Why Choosing the Right Company Matters
Choosing from the Top 10 LLM Data Providers for AI Companies is important because training data quality directly affects model accuracy, safety, reliability, and user trust. A language model is only as useful as the data, feedback, and evaluation processes behind it.
AI companies should first compare data quality. Poorly labeled data, biased examples, weak feedback, or inconsistent evaluations can reduce model performance and create unreliable outputs. Strong providers use quality checks, reviewer guidelines, validation workflows, and expert review to improve dataset reliability.
Expertise also matters. LLM data is different from basic annotation. It may include prompt-response ranking, RLHF, instruction tuning, safety evaluation, red teaming, multilingual review, domain-specific labeling, factuality checks, and model behavior analysis. A provider should understand how human judgment affects model alignment and output quality.
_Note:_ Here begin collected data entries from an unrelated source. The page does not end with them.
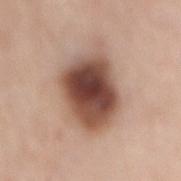Assessment: The lesion was tiled from a total-body skin photograph and was not biopsied. Clinical summary: From the mid back. A male subject aged 78 to 82. This image is a 15 mm lesion crop taken from a total-body photograph. Approximately 8 mm at its widest. The lesion-visualizer software estimated a footprint of about 29 mm², an outline eccentricity of about 0.7 (0 = round, 1 = elongated), and a symmetry-axis asymmetry near 0.2. The software also gave a lesion color around L≈49 a*≈20 b*≈26 in CIELAB and about 19 CIELAB-L* units darker than the surrounding skin. Imaged with white-light lighting.
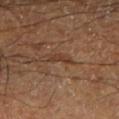<case>
<biopsy_status>not biopsied; imaged during a skin examination</biopsy_status>
<image>
  <source>total-body photography crop</source>
  <field_of_view_mm>15</field_of_view_mm>
</image>
<automated_metrics>
  <area_mm2_approx>2.5</area_mm2_approx>
  <eccentricity>0.9</eccentricity>
  <shape_asymmetry>0.3</shape_asymmetry>
  <cielab_L>33</cielab_L>
  <cielab_a>17</cielab_a>
  <cielab_b>26</cielab_b>
  <vs_skin_darker_L>6.0</vs_skin_darker_L>
  <vs_skin_contrast_norm>6.5</vs_skin_contrast_norm>
</automated_metrics>
<patient>
  <sex>male</sex>
  <age_approx>60</age_approx>
</patient>
<site>right lower leg</site>
</case>
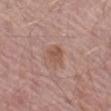Assessment: The lesion was tiled from a total-body skin photograph and was not biopsied. Background: Longest diameter approximately 2.5 mm. Cropped from a whole-body photographic skin survey; the tile spans about 15 mm. Captured under white-light illumination. The patient is a male aged around 65. The lesion is located on the leg.
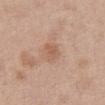| field | value |
|---|---|
| workup | total-body-photography surveillance lesion; no biopsy |
| imaging modality | total-body-photography crop, ~15 mm field of view |
| location | the front of the torso |
| subject | female, aged 38–42 |
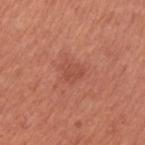workup: imaged on a skin check; not biopsied | automated metrics: a mean CIELAB color near L≈50 a*≈29 b*≈31, about 6 CIELAB-L* units darker than the surrounding skin, and a lesion-to-skin contrast of about 4.5 (normalized; higher = more distinct); a classifier nevus-likeness of about 0/100 and lesion-presence confidence of about 100/100 | diameter: ~2.5 mm (longest diameter) | image: ~15 mm tile from a whole-body skin photo | patient: female, in their mid-60s | tile lighting: white-light | anatomic site: the left upper arm.
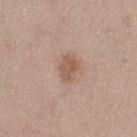Findings:
– biopsy status · catalogued during a skin exam; not biopsied
– subject · female, aged 38–42
– lesion diameter · about 3 mm
– imaging modality · ~15 mm tile from a whole-body skin photo
– anatomic site · the left thigh
– automated lesion analysis · border irregularity of about 2.5 on a 0–10 scale and internal color variation of about 2 on a 0–10 scale; a detector confidence of about 100 out of 100 that the crop contains a lesion
– lighting · white-light illumination
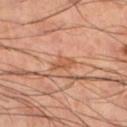automated metrics = an area of roughly 3.5 mm², a shape eccentricity near 0.85, and two-axis asymmetry of about 0.25; a mean CIELAB color near L≈56 a*≈25 b*≈35 and a lesion–skin lightness drop of about 8; a within-lesion color-variation index near 1.5/10 and peripheral color asymmetry of about 0.5; a classifier nevus-likeness of about 0/100 and a detector confidence of about 100 out of 100 that the crop contains a lesion | tile lighting = cross-polarized illumination | patient = male, roughly 50 years of age | acquisition = ~15 mm tile from a whole-body skin photo | size = about 3 mm | site = the left lower leg.
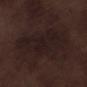Clinical impression: No biopsy was performed on this lesion — it was imaged during a full skin examination and was not determined to be concerning. Background: A male patient, aged 68–72. On the leg. A 15 mm close-up tile from a total-body photography series done for melanoma screening. Longest diameter approximately 10 mm. The lesion-visualizer software estimated an eccentricity of roughly 0.9 and a symmetry-axis asymmetry near 0.25. The analysis additionally found a lesion color around L≈17 a*≈13 b*≈13 in CIELAB, about 4 CIELAB-L* units darker than the surrounding skin, and a lesion-to-skin contrast of about 7 (normalized; higher = more distinct). Imaged with white-light lighting.
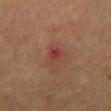This lesion was catalogued during total-body skin photography and was not selected for biopsy. A male subject aged 53–57. A close-up tile cropped from a whole-body skin photograph, about 15 mm across. From the mid back.
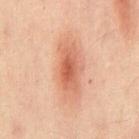No biopsy was performed on this lesion — it was imaged during a full skin examination and was not determined to be concerning. Captured under cross-polarized illumination. The lesion-visualizer software estimated a footprint of about 15 mm², a shape eccentricity near 0.9, and a symmetry-axis asymmetry near 0.2. It also reported roughly 10 lightness units darker than nearby skin and a normalized lesion–skin contrast near 7. It also reported an automated nevus-likeness rating near 95 out of 100 and a detector confidence of about 100 out of 100 that the crop contains a lesion. From the mid back. The subject is a male in their 50s. A close-up tile cropped from a whole-body skin photograph, about 15 mm across.
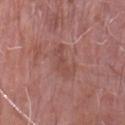Captured during whole-body skin photography for melanoma surveillance; the lesion was not biopsied. A lesion tile, about 15 mm wide, cut from a 3D total-body photograph. About 4 mm across. The subject is a male in their mid-70s. From the right forearm. Captured under white-light illumination.
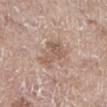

Pricing should be reviewed carefully. Some providers charge by task, hour, project, dataset volume, review complexity, or enterprise plan. AI companies should compare pricing based on expected scale, task difficulty, languages, domain expertise, and quality requirements.
Technology is another key factor. The best LLM data providers should support APIs, secure workspaces, data workflows, annotation platforms, review dashboards, workforce management, and integration with model development pipelines. Strong technology helps teams move faster while maintaining quality.
Support and scalability should not be ignored. A small AI startup may need a focused evaluation project, while a large AI company may need millions of human feedback tasks across multiple regions and languages. The right provider should support both current needs and long-term growth.
Compliance and data security are also important. LLM projects may involve sensitive prompts, internal documents, proprietary datasets, or regulated industry content. Businesses should review privacy practices, access controls, data handling policies, and security standards before choosing a provider.
The best LLM data provider is the one that matches your model goals, domain needs, quality standards, budget, and scale. The right partner can help AI companies improve model behavior, reduce errors, strengthen evaluation, and build more useful AI products.
Conclusion
The Top 10 LLM Data Providers for AI Companies in 2026—Scale AI, Surge AI, Appen, TELUS Digital, Sama, iMerit, Labelbox, TransPerfect DataForce, Defined.ai, and Toloka—support different needs across training data, annotation, RLHF, model evaluation, multilingual data, and human feedback.
Scale AI and Surge AI are strong options for large-scale LLM feedback and evaluation. Appen, TELUS Digital, TransPerfect DataForce, and Toloka support global and multilingual data operations. Sama and iMerit are useful for managed annotation and domain expertise. Labelbox gives teams more control over data workflows, while Defined.ai supports both marketplace datasets and custom data projects.
Before choosing a provider, AI companies should compare data quality, domain expertise, pricing, technology, support, security, multilingual coverage, and scalability. With the right LLM data provider, businesses can improve model performance, reduce risk, and build stronger AI systems in 2026.